▶ _Problem details_
Without changing a single word, output each entry.

Stored dataset items:
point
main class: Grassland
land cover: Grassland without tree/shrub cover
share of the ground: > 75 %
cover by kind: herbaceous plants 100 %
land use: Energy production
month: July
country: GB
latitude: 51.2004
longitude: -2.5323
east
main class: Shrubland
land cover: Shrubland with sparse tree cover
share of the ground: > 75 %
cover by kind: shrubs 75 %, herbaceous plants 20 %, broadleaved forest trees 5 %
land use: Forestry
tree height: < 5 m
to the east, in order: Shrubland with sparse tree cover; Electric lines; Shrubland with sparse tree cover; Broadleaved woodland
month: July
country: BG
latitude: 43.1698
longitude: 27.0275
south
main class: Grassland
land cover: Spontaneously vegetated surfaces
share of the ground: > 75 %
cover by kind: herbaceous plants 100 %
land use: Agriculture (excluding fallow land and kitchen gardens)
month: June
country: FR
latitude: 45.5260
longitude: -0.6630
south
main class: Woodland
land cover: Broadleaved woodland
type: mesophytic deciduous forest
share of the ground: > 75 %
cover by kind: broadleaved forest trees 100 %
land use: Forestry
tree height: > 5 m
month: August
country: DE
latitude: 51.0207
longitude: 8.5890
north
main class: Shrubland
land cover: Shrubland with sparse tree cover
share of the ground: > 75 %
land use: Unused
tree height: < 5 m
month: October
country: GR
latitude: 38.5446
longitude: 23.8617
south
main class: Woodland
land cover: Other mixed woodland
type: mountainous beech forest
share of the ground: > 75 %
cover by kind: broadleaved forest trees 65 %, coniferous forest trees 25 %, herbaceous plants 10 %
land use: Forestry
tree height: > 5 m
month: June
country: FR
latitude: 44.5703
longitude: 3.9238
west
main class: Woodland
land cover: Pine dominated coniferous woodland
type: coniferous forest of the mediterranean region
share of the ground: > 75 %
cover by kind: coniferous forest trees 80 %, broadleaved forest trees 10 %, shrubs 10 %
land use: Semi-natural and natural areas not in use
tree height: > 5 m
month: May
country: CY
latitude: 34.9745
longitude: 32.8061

▶ _Expected answer_
point
main class: Grassland
land cover: Grassland without tree/shrub cover
share of the ground: > 75 %
cover by kind: herbaceous plants 100 %
land use: Energy production
month: July
country: GB
latitude: 51.2004
longitude: -2.5323
east
main class: Shrubland
land cover: Shrubland with sparse tree cover
share of the ground: > 75 %
cover by kind: shrubs 75 %, herbaceous plants 20 %, broadleaved forest trees 5 %
land use: Forestry
tree height: < 5 m
to the east, in order: Shrubland with sparse tree cover; Electric lines; Shrubland with sparse tree cover; Broadleaved woodland
month: July
country: BG
latitude: 43.1698
longitude: 27.0275
south
main class: Grassland
land cover: Spontaneously vegetated surfaces
share of the ground: > 75 %
cover by kind: herbaceous plants 100 %
land use: Agriculture (excluding fallow land and kitchen gardens)
month: June
country: FR
latitude: 45.5260
longitude: -0.6630
south
main class: Woodland
land cover: Broadleaved woodland
type: mesophytic deciduous forest
share of the ground: > 75 %
cover by kind: broadleaved forest trees 100 %
land use: Forestry
tree height: > 5 m
month: August
country: DE
latitude: 51.0207
longitude: 8.5890
north
main class: Shrubland
land cover: Shrubland with sparse tree cover
share of the ground: > 75 %
land use: Unused
tree height: < 5 m
month: October
country: GR
latitude: 38.5446
longitude: 23.8617
south
main class: Woodland
land cover: Other mixed woodland
type: mountainous beech forest
share of the ground: > 75 %
cover by kind: broadleaved forest trees 65 %, coniferous forest trees 25 %, herbaceous plants 10 %
land use: Forestry
tree height: > 5 m
month: June
country: FR
latitude: 44.5703
longitude: 3.9238
west
main class: Woodland
land cover: Pine dominated coniferous woodland
type: coniferous forest of the mediterranean region
share of the ground: > 75 %
cover by kind: coniferous forest trees 80 %, broadleaved forest trees 10 %, shrubs 10 %
land use: Semi-natural and natural areas not in use
tree height: > 5 m
month: May
country: CY
latitude: 34.9745
longitude: 32.8061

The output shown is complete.